Rather than sparking a spending spree, the pauses let borrowers “pay off all their debt and save,” he said. “What it actually looks like is improving their wealth and their wealth is something you can’t spend today or tomorrow. Wealth is something you accumulate over time.”

There is another way to think about the fairness argument for a part of the population that benefits, Bustamante said. The cost of higher education has risen over the past two decades, and “the reasons the student debt crisis exists are policy decisions” that have shifted “higher education funding from states to families,” Bustamante said.

Additionally, student debt forgiveness could be especially important to black households, Bustamante said. With the wealth gap compared to white households, black borrowers are more likely to take on student debt and borrow more money, he said.

If payments resume, New York Fed researchers said “a lot [borrowers] will reduce their balances.” But some could face delinquency or default. — how much depends on the rules they follow, they said.
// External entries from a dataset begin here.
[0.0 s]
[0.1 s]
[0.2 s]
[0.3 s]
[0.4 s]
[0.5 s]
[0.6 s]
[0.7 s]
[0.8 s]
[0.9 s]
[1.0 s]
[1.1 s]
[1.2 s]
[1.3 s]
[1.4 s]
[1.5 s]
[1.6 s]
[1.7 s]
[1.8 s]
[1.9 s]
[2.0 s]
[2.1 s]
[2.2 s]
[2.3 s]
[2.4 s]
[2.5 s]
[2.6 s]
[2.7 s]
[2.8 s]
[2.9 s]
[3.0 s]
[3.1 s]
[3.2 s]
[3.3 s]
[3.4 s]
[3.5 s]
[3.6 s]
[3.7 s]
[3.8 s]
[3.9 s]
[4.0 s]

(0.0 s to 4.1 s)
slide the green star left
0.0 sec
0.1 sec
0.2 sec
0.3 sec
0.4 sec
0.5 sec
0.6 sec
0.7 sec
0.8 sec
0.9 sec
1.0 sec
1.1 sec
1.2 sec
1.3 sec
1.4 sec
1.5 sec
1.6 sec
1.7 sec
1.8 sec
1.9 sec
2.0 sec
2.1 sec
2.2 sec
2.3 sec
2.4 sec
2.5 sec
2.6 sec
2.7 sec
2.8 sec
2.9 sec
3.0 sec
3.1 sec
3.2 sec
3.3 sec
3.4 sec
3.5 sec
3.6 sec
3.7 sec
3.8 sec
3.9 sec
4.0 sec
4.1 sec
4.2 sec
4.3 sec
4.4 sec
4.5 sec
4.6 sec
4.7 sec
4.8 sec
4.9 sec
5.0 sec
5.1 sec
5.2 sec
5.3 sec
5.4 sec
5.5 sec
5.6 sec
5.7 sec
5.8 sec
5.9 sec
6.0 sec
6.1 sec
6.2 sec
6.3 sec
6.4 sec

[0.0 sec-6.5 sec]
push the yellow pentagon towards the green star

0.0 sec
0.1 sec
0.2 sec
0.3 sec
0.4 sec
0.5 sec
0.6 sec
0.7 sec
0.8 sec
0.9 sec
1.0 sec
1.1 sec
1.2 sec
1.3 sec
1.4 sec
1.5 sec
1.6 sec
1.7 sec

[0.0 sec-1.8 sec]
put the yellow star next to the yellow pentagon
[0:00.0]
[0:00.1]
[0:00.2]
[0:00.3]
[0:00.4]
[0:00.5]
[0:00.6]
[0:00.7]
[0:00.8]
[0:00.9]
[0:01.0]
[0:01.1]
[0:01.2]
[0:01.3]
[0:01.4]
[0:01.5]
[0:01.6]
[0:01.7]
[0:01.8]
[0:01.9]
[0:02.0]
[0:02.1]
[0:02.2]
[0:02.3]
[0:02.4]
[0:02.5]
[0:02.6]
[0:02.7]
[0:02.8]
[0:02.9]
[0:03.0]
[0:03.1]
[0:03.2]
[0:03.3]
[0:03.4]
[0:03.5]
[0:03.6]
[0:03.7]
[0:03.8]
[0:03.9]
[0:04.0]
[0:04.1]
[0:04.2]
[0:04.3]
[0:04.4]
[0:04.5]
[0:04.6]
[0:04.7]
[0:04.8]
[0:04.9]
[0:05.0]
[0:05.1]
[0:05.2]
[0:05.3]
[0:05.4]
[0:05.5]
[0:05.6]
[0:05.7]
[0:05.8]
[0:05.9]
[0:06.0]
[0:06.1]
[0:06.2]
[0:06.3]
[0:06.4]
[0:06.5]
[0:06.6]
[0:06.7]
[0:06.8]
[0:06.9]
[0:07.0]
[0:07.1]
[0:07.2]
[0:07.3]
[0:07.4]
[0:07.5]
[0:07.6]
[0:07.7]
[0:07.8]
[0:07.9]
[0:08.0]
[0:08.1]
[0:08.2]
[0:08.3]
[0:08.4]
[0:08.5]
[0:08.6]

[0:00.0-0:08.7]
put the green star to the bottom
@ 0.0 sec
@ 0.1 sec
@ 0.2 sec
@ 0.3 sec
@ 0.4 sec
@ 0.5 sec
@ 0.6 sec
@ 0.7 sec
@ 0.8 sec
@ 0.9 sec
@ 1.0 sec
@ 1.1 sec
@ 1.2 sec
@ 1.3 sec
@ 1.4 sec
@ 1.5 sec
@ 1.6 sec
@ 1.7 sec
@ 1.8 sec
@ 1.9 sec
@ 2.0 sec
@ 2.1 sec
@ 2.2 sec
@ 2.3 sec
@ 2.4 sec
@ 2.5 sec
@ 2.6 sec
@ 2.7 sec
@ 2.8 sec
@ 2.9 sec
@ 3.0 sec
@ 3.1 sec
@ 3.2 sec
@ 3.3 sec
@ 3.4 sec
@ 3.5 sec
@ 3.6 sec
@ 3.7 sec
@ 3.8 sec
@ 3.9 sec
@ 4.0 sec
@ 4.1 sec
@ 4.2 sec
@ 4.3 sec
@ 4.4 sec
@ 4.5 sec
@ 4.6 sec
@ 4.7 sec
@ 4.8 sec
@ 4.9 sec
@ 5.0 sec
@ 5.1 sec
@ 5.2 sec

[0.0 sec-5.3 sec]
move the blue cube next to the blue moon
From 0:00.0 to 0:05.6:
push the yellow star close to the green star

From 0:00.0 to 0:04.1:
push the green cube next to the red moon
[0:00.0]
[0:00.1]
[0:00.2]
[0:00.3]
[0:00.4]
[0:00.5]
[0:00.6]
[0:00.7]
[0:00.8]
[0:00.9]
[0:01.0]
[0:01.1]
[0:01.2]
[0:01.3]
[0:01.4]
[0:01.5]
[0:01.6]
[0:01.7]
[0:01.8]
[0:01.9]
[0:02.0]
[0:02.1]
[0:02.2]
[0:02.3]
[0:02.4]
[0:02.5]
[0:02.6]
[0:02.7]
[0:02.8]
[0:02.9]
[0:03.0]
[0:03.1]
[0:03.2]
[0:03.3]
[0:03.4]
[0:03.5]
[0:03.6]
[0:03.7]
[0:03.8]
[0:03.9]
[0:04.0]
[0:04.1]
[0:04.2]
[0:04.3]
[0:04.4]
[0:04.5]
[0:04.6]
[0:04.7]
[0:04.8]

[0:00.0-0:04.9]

If payments resume, New York Fed researchers estimated that “lower-income, less-educated, non-white, female and middle-aged borrowers will have a harder time making minimum payments and staying current.”

Indeed, borrowers are unevenly distributed across the economy and across the income spectrum – adding to the complexity.

People in education and health care, like Smith, were more likely to have student debt, with nearly 25 percent owing student loans, according to the Employee Benefit and Research Institute. But less than 8 percent of construction and mining workers and less than 4 percent of people in agriculture had student loan bills hanging over their heads, researchers said as they analyzed 2020 Census data.

Payments can be more difficult to make in some industries than others. Nearly two in 10 business and professional services workers had loans, but their income averaged more than $84,000, the researchers said. Meanwhile, people in education and health services, such as teachers and nurses, earned about $64,500.

Payments should have resumed by now, according to Goldwein. But with less than two weeks to go before the deadline and no clear response from the administration, he believes borrowers should get a final, short extension with a clear signal that payments are about to begin.

The initial payment freeze “made a lot of sense to do when the economy was in meltdown,” he said. But the picture has changed, he said, showing jobs continue to be added to the economy even when inflation is high. “There is no emergency at this time that would require this pause to continue,” Goldwein said.

Borrowers at this point are less than a pay period away from being paid with payments from a president who made student loan debt cancellation part of his campaign, said Cody Hounanian, executive director of the Student Debt Crisis Center.

In a February survey by the agency, 92% of fully employed borrowers said they were worried about being able to afford payments in the face of inflation.

Those results could likely be worse now, Hunanian said. “Triggering student loan payments at a time when millions of Americans say gas is too high and food is too expensive is a financial disaster,” he said.

Back in Texas, Smith was able to get a new car thanks in part to the freed up income. As for her previous one, “I had basically driven it into the ground,” Smith said.

But now there’s a new car payment and the unexpected cost of paying for four new tires — all of which add to the pressure that could tighten as payments resume. She says she gets frustrated when she jumps back and forth between trying to pay off debt or building up savings.

Smith rejects the idea of ​​writing off the loan and stops short of it being unfair. The same goes for the underpayment of social workers, as well as the gender pay gap, he said.

Eliminating the debts, or at least stopping them further, could ease the worries of so many families who don’t have money now, he said.

“It’s taxing to live in America with the debt that exists right now.”